5 Health Care Myths Americans should Know

The debate on how the United States should approach the way the health care system is run in this country has lead to the development of mentalities shaped by health care myths rather than facts.  There are many questions concerning how many people are insured, the cost of health care and who can or cannot afford it, the value of the system, and how the U.S. system compares to other countries.

1)  Around 46 Million People without Health Care

The truth is, the vast majority of people who are uninsured are middle to high income Americans, who choose not to have health insurance, non-citizens, or people who rely on other government medical programs. The Congressional Budget Office estimates that 45 million people lack health insurance on any given day throughout the year.  This does not mean that 45 million people go without health insurance every year. That number is probably closer to eight million.

2) Health Care Would Improve if Everyone was Insured

Unfortunately it’s not that simple.  If everyone purchased health insurance, then taxes would be higher; there would be longer waiting lists, limited care and access to ground breaking medical developments, and forced premium payments. In 2005, the wait time for elective surgery was around 8%; while in other countries, such as Canada, Australia, New Zealand, and the United Kingdom, the percentages were anywhere between 19%-41%.

3) Hospital Procedures Performed on the Uninsured Raise Prices

Actually, the congressional budget office (CBO) states that the amount of private insurance premiums taking responsibility for uninsured costs is quite small. In fact, in 2008, hospitals spent around 35 billion dollars on uncompensated care; in retrospect, this figure is equivalent to about 5% of the total hospital revenues.

4) The uninsured cannot Afford Health Care Coverage

While this may be true for a small percentage, the truth for most individuals in the United States is that they don’t purchase health coverage because they can’t afford it, but rather because they choose not to.  Based on a study from 2007, about 17.6 million people, who made at least $50,000 a year or more, were uninsured because they did not feel that it was necessarily to spend money on heath care; or possibly, they relied on other government run programs.

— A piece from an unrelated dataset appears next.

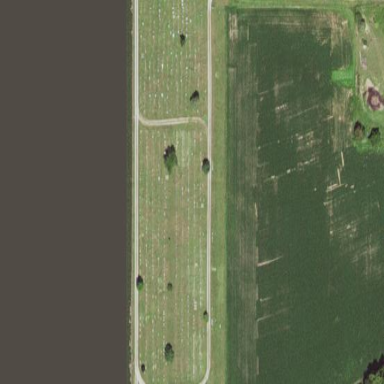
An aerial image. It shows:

5) Foreign Government Run Health Care Systems are more Efficient than the U.S.

The problems with most foreign socialized health care systems are that the wait times are drastically higher than they are in the United States.  Care is often limited, and access to groundbreaking developments and medicines are not always accessible.  However, certain costs, such as administration, are much higher than they are in other countries such as France or Taiwan.  Foreign government run health care systems are not better than American systems, but there are some areas that may prove to be more effective.

There are many myths out there about the way that the health care system is run. One thing is for sure: if everyone were insured under a government policy, wait lines would increase drastically, the quality of service would go down, and taxes would increase.